2 . The ATID as recited in claim 1 , wherein the different coupling modes include a rigid mode and a relaxed mode, wherein a torsional rigidity of the BHA is greater in the rigid mode compared to the relaxed mode.
3 . The ATID as recited in claim 2 , wherein the dynamic coupler includes an inner section located within an outer housing and the processor operates one or more components of the dynamic coupler in the rigid mode to restrict movement of the inner section relative to the outer housing.
4 . The ATID as recited in claim 3 , wherein the dynamic coupler includes a smart fluid and the processor operates one or more electromagnets of the dynamic coupler to increase viscosity of the smart fluid in the rigid mode to restrict the movement of the inner section relative to the outer housing.
5 . The ATID as recited in claim 3 , wherein the dynamic coupler includes fluid cavities defined by the inner section and the outer housing and at least one spring in each of the fluid cavities, wherein the processor operates one or more electromagnets of the dynamic coupler to restrict the movement of the inner section relative to the outer housing by changing a volume of the fluid cavities and a compression of the at least one spring.
6 . The ATID as recited in claim 3 , wherein the dynamic coupler includes a fluid, fluid cavities defined by the inner section and the outer housing, and a flow controller that controls flow of the fluid between the fluid cavities, wherein the processor operates the flow controller to restrict the movement of the inner section relative to the outer housing in the rigid mode.
7 . The ATID as recited in claim 3 , wherein the dynamic coupler includes a clutch and the processor operates the clutch to restrict the movement of the inner section relative to the outer housing in the rigid mode.
8 . The ATID as recited in claim 3 , wherein the dynamic coupler includes electromagnets operable by the processor, permanent magnets, or a combination thereof that assist in restricting the movement of the inner section relative to the outer housing in the rigid mode.
9 . The ATID as recited in claim 1 , wherein the dynamic coupler includes an outer housing, an inner section, fluid cavities defined by the outer housing and the inner section, and fluid located in the fluid cavities that couples the inner section to the outer housing, wherein the inner section corresponds to the first portion of the BHA, the outer housing corresponds to the second portion of the BHA, and the first portion includes the drill bit.
10 . The ATID as recited in claim 1 , wherein the processor is configured to switch between the different coupling modes using a switching time interval that is less than a resonance time interval for the BHA to achieve a resonance frequency associated with either of the different coupling modes.

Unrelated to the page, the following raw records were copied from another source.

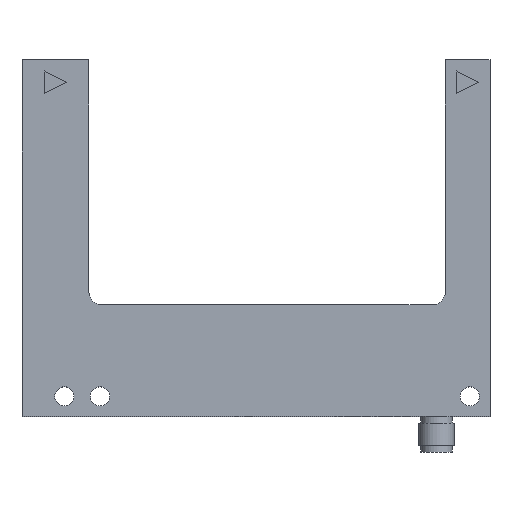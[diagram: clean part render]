
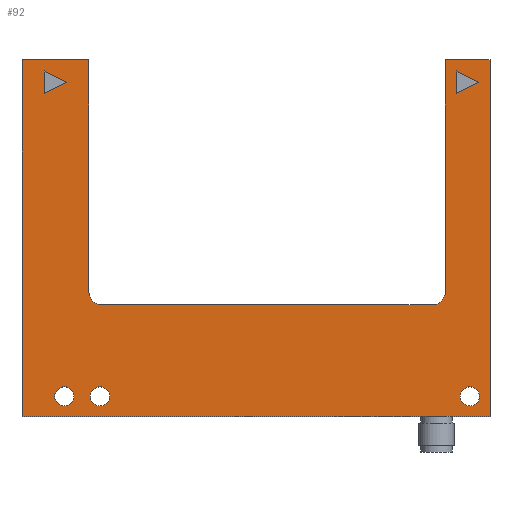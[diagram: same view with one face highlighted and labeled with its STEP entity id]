
A CAD part, top view. The second image highlights one B-rep face of the part: STEP entity #92.
In plain terms, the highlighted planar face has unit normal (0, 0, 1).
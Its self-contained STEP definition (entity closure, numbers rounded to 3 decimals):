
#92=ADVANCED_FACE('',(#208,#209,#210,#211,#212,#213),#214,.T.);
#208=FACE_BOUND('',#357,.T.);
#209=FACE_BOUND('',#358,.T.);
#210=FACE_BOUND('',#359,.T.);
#211=FACE_BOUND('',#360,.T.);
#212=FACE_BOUND('',#361,.T.);
#213=FACE_OUTER_BOUND('',#362,.T.);
#214=PLANE('',#363);
#357=EDGE_LOOP('',(#553,#554,#555));
#358=EDGE_LOOP('',(#556,#557,#558));
#359=EDGE_LOOP('',(#559,#560));
#360=EDGE_LOOP('',(#561,#562));
#361=EDGE_LOOP('',(#563,#564));
#362=EDGE_LOOP('',(#565,#566,#567,#568,#569,#570,#571,#572,#573,#574,#575,#576));
#363=AXIS2_PLACEMENT_3D('',#577,#578,#579);
#553=ORIENTED_EDGE('',*,*,#894,.T.);
#554=ORIENTED_EDGE('',*,*,#895,.T.);
#555=ORIENTED_EDGE('',*,*,#896,.T.);
#556=ORIENTED_EDGE('',*,*,#897,.T.);
#557=ORIENTED_EDGE('',*,*,#898,.T.);
#558=ORIENTED_EDGE('',*,*,#899,.T.);
#559=ORIENTED_EDGE('',*,*,#900,.T.);
#560=ORIENTED_EDGE('',*,*,#878,.T.);
#561=ORIENTED_EDGE('',*,*,#857,.T.);
#562=ORIENTED_EDGE('',*,*,#901,.T.);
#563=ORIENTED_EDGE('',*,*,#846,.T.);
#564=ORIENTED_EDGE('',*,*,#902,.T.);
#565=ORIENTED_EDGE('',*,*,#903,.F.);
#566=ORIENTED_EDGE('',*,*,#904,.F.);
#567=ORIENTED_EDGE('',*,*,#889,.F.);
#568=ORIENTED_EDGE('',*,*,#905,.F.);
#569=ORIENTED_EDGE('',*,*,#906,.F.);
#570=ORIENTED_EDGE('',*,*,#907,.F.);
#571=ORIENTED_EDGE('',*,*,#908,.F.);
#572=ORIENTED_EDGE('',*,*,#909,.F.);
#573=ORIENTED_EDGE('',*,*,#910,.F.);
#574=ORIENTED_EDGE('',*,*,#911,.F.);
#575=ORIENTED_EDGE('',*,*,#872,.F.);
#576=ORIENTED_EDGE('',*,*,#912,.F.);
#577=CARTESIAN_POINT('',(-61.937,23.748,10.0));
#578=DIRECTION('',(0.0,0.0,1.0));
#579=DIRECTION('',(1.0,0.0,0.0));
#846=EDGE_CURVE('',#989,#994,#996,.T.);
#857=EDGE_CURVE('',#1008,#1013,#1015,.T.);
#872=EDGE_CURVE('',#1040,#1041,#1042,.T.);
#878=EDGE_CURVE('',#1052,#1049,#1053,.T.);
#889=EDGE_CURVE('',#1067,#1068,#1069,.T.);
#894=EDGE_CURVE('',#1076,#1077,#1078,.T.);
#895=EDGE_CURVE('',#1077,#1079,#1080,.T.);
#896=EDGE_CURVE('',#1079,#1076,#1081,.T.);
#897=EDGE_CURVE('',#1082,#1083,#1084,.T.);
#898=EDGE_CURVE('',#1083,#1085,#1086,.T.);
#899=EDGE_CURVE('',#1085,#1082,#1087,.T.);
#900=EDGE_CURVE('',#1049,#1052,#1088,.T.);
#901=EDGE_CURVE('',#1013,#1008,#1089,.T.);
#902=EDGE_CURVE('',#994,#989,#1090,.T.);
#903=EDGE_CURVE('',#1091,#1092,#1093,.T.);
#904=EDGE_CURVE('',#1068,#1091,#1094,.T.);
#905=EDGE_CURVE('',#1095,#1067,#1096,.T.);
#906=EDGE_CURVE('',#1097,#1095,#1098,.T.);
#907=EDGE_CURVE('',#1099,#1097,#1100,.T.);
#908=EDGE_CURVE('',#1101,#1099,#1102,.T.);
#909=EDGE_CURVE('',#1103,#1101,#1104,.T.);
#910=EDGE_CURVE('',#1105,#1103,#1106,.T.);
#911=EDGE_CURVE('',#1041,#1105,#1107,.T.);
#912=EDGE_CURVE('',#1092,#1040,#1108,.T.);
#989=VERTEX_POINT('',#1203);
#994=VERTEX_POINT('',#1209);
#996=CIRCLE('',#1212,2.15);
#1008=VERTEX_POINT('',#1224);
#1013=VERTEX_POINT('',#1230);
#1015=CIRCLE('',#1233,2.15);
#1040=VERTEX_POINT('',#1262);
#1041=VERTEX_POINT('',#1263);
#1042=LINE('',#1264,#1265);
#1049=VERTEX_POINT('',#1275);
#1052=VERTEX_POINT('',#1279);
#1053=CIRCLE('',#1280,2.15);
#1067=VERTEX_POINT('',#1297);
#1068=VERTEX_POINT('',#1298);
#1069=LINE('',#1299,#1300);
#1076=VERTEX_POINT('',#1310);
#1077=VERTEX_POINT('',#1311);
#1078=LINE('',#1312,#1313);
#1079=VERTEX_POINT('',#1314);
#1080=LINE('',#1315,#1316);
#1081=LINE('',#1317,#1318);
#1082=VERTEX_POINT('',#1319);
#1083=VERTEX_POINT('',#1320);
#1084=LINE('',#1321,#1322);
#1085=VERTEX_POINT('',#1323);
#1086=LINE('',#1324,#1325);
#1087=LINE('',#1326,#1327);
#1088=CIRCLE('',#1328,2.15);
#1089=CIRCLE('',#1329,2.15);
#1090=CIRCLE('',#1330,2.15);
#1091=VERTEX_POINT('',#1331);
#1092=VERTEX_POINT('',#1332);
#1093=LINE('',#1333,#1334);
#1094=LINE('',#1335,#1336);
#1095=VERTEX_POINT('',#1337);
#1096=LINE('',#1338,#1339);
#1097=VERTEX_POINT('',#1340);
#1098=LINE('',#1341,#1342);
#1099=VERTEX_POINT('',#1343);
#1100=CIRCLE('',#1344,3.0);
#1101=VERTEX_POINT('',#1345);
#1102=CIRCLE('',#1346,3.0);
#1103=VERTEX_POINT('',#1347);
#1104=LINE('',#1348,#1349);
#1105=VERTEX_POINT('',#1350);
#1106=CIRCLE('',#1351,3.0);
#1107=CIRCLE('',#1352,3.0);
#1108=LINE('',#1353,#1354);
#1203=CARTESIAN_POINT('',(-103.35,-5.5,10.0));
#1209=CARTESIAN_POINT('',(-107.65,-5.5,10.0));
#1212=AXIS2_PLACEMENT_3D('',#1483,#1484,#1485);
#1224=CARTESIAN_POINT('',(-95.35,-5.5,10.0));
#1230=CARTESIAN_POINT('',(-99.65,-5.5,10.0));
#1233=AXIS2_PLACEMENT_3D('',#1503,#1504,#1505);
#1262=CARTESIAN_POINT('',(-100.0,70.0,10.0));
#1263=CARTESIAN_POINT('',(-100.0,18.0,10.0));
#1264=CARTESIAN_POINT('',(-100.0,70.0,10.0));
#1265=VECTOR('',#1528,1.0);
#1275=CARTESIAN_POINT('',(-12.35,-5.5,10.0));
#1279=CARTESIAN_POINT('',(-16.65,-5.5,10.0));
#1280=AXIS2_PLACEMENT_3D('',#1533,#1534,#1535);
#1297=CARTESIAN_POINT('',(-10.0,70.0,10.0));
#1298=CARTESIAN_POINT('',(-10.0,-10.,10.0));
#1299=CARTESIAN_POINT('',(-10.0,70.0,10.0));
#1300=VECTOR('',#1551,1.0);
#1310=CARTESIAN_POINT('',(-12.5,65.0,10.0));
#1311=CARTESIAN_POINT('',(-17.5,62.5,10.0));
#1312=CARTESIAN_POINT('',(-40.525,50.987,10.0));
#1313=VECTOR('',#1555,1.0);
#1314=CARTESIAN_POINT('',(-17.5,67.5,10.0));
#1315=CARTESIAN_POINT('',(-17.5,43.124,10.0));
#1316=VECTOR('',#1556,1.0);
#1317=CARTESIAN_POINT('',(-26.525,72.012,10.0));
#1318=VECTOR('',#1557,1.0);
#1319=CARTESIAN_POINT('',(-105.05,65.0,10.0));
#1320=CARTESIAN_POINT('',(-110.05,62.5,10.0));
#1321=CARTESIAN_POINT('',(-96.055,69.497,10.0));
#1322=VECTOR('',#1558,1.0);
#1323=CARTESIAN_POINT('',(-110.05,67.5,10.0));
#1324=CARTESIAN_POINT('',(-110.05,43.124,10.0));
#1325=VECTOR('',#1559,1.0);
#1326=CARTESIAN_POINT('',(-82.055,53.502,10.0));
#1327=VECTOR('',#1560,1.0);
#1328=AXIS2_PLACEMENT_3D('',#1561,#1562,#1563);
#1329=AXIS2_PLACEMENT_3D('',#1564,#1565,#1566);
#1330=AXIS2_PLACEMENT_3D('',#1567,#1568,#1569);
#1331=CARTESIAN_POINT('',(-115.0,-10.,10.0));
#1332=CARTESIAN_POINT('',(-115.0,70.0,10.0));
#1333=CARTESIAN_POINT('',(-115.0,-10.,10.0));
#1334=VECTOR('',#1570,1.0);
#1335=CARTESIAN_POINT('',(-10.0,-10.,10.0));
#1336=VECTOR('',#1571,1.0);
#1337=CARTESIAN_POINT('',(-20.0,70.0,10.0));
#1338=CARTESIAN_POINT('',(-20.0,70.0,10.0));
#1339=VECTOR('',#1572,1.0);
#1340=CARTESIAN_POINT('',(-20.0,18.0,10.0));
#1341=CARTESIAN_POINT('',(-20.0,18.0,10.0));
#1342=VECTOR('',#1573,1.0);
#1343=CARTESIAN_POINT('',(-20.879,15.879,10.0));
#1344=AXIS2_PLACEMENT_3D('',#1574,#1575,#1576);
#1345=CARTESIAN_POINT('',(-23.0,15.0,10.0));
#1346=AXIS2_PLACEMENT_3D('',#1577,#1578,#1579);
#1347=CARTESIAN_POINT('',(-97.0,15.0,10.0));
#1348=CARTESIAN_POINT('',(-97.0,15.0,10.0));
#1349=VECTOR('',#1580,1.0);
#1350=CARTESIAN_POINT('',(-99.121,15.879,10.0));
#1351=AXIS2_PLACEMENT_3D('',#1581,#1582,#1583);
#1352=AXIS2_PLACEMENT_3D('',#1584,#1585,#1586);
#1353=CARTESIAN_POINT('',(-115.0,70.0,10.0));
#1354=VECTOR('',#1587,1.0);
#1483=CARTESIAN_POINT('',(-105.5,-5.5,10.0));
#1484=DIRECTION('',(0.0,0.0,-1.0));
#1485=DIRECTION('',(1.0,0.0,0.0));
#1503=CARTESIAN_POINT('',(-97.5,-5.5,10.0));
#1504=DIRECTION('',(0.0,0.0,-1.0));
#1505=DIRECTION('',(1.0,0.0,0.0));
#1528=DIRECTION('',(0.0,-1.0,0.0));
#1533=CARTESIAN_POINT('',(-14.5,-5.5,10.0));
#1534=DIRECTION('',(0.0,0.0,-1.0));
#1535=DIRECTION('',(1.0,0.0,0.0));
#1551=DIRECTION('',(0.0,-1.0,0.0));
#1555=DIRECTION('',(-0.894,-0.447,0.0));
#1556=DIRECTION('',(0.0,1.0,0.0));
#1557=DIRECTION('',(0.894,-0.447,0.0));
#1558=DIRECTION('',(-0.894,-0.447,0.0));
#1559=DIRECTION('',(0.0,1.0,0.0));
#1560=DIRECTION('',(0.894,-0.447,0.0));
#1561=CARTESIAN_POINT('',(-14.5,-5.5,10.0));
#1562=DIRECTION('',(0.0,0.0,-1.0));
#1563=DIRECTION('',(1.0,0.0,0.0));
#1564=CARTESIAN_POINT('',(-97.5,-5.5,10.0));
#1565=DIRECTION('',(0.0,0.0,-1.0));
#1566=DIRECTION('',(1.0,0.0,0.0));
#1567=CARTESIAN_POINT('',(-105.5,-5.5,10.0));
#1568=DIRECTION('',(0.0,0.0,-1.0));
#1569=DIRECTION('',(1.0,0.0,0.0));
#1570=DIRECTION('',(0.0,1.0,0.0));
#1571=DIRECTION('',(-1.0,0.0,0.0));
#1572=DIRECTION('',(1.0,0.0,0.0));
#1573=DIRECTION('',(0.0,1.0,0.0));
#1574=CARTESIAN_POINT('',(-23.0,18.0,10.0));
#1575=DIRECTION('',(0.0,0.0,1.0));
#1576=DIRECTION('',(0.707,-0.707,0.0));
#1577=CARTESIAN_POINT('',(-23.0,18.0,10.0));
#1578=DIRECTION('',(0.0,0.0,1.0));
#1579=DIRECTION('',(0.707,-0.707,0.0));
#1580=DIRECTION('',(1.0,0.0,0.0));
#1581=CARTESIAN_POINT('',(-97.0,18.0,10.0));
#1582=DIRECTION('',(0.0,0.0,1.0));
#1583=DIRECTION('',(-0.707,-0.707,0.0));
#1584=CARTESIAN_POINT('',(-97.0,18.0,10.0));
#1585=DIRECTION('',(0.0,0.0,1.0));
#1586=DIRECTION('',(-0.707,-0.707,0.0));
#1587=DIRECTION('',(1.0,0.0,0.0));

11 . The ATID as recited in claim 10 , wherein the switching time interval is fixed.
12 . The ATID as recited in claim 1 , wherein one of the different coupling modes includes a normal mode, wherein the processor does not switch between the different coupling modes in the normal mode.
13 . A bottom hole assembly (BHA), comprising:
a drill bit; and an active torsional isolator and damper (ATID) that connects a first portion of the BHA to a second portion of the BHA using a fluid according to different coupling modes and changes a resonance frequency of the BHA by switching between the different coupling modes during drilling by the drill bit, wherein the first portion includes the drill bit.
14 . The BHA as recited in claim 13 , wherein the ATID includes a dynamic coupler configured to connect the first and second portions of the BHA, wherein one or more components of the dynamic coupler are changed when switching between the different coupling modes.
15 . The BHA as recited in claim 14 , wherein the dynamic coupler includes an outer housing, an inner section, fluid cavities defined by the outer housing and the inner section, and the fluid located in the fluid cavities that couples the inner section to the outer housing, wherein the inner section corresponds to the first portion of the BHA and the outer housing corresponds to the second portion of the BHA.
16 . The BHA as recited in claim 14 , wherein the components include one or more of the fluid, fluid cavities, springs located in the fluid cavities, a flow controller for the fluid, a clutch, or one or more of electromagnets.
17 . The BHA as recited in claim 14 , wherein the ATID further includes a processor configured to control the switching of the dynamic coupler between the different coupling modes during the drilling by the drill bit.
18 . The BHA as recited in claim 17 , wherein the processor is configured to switch between the different coupling modes using a switching time interval that is less than a resonance time interval for the BHA to achieve a resonance frequency associated with either of the different coupling modes.
19 . The BHA as recited in claim 18 , wherein a duty cycle of the switching time interval varies.
20 . A method of drilling a wellbore, comprising:
operating a drill bit in the wellbore, wherein the drill bit is part of a BHA; and altering a mass of the BHA during the operating.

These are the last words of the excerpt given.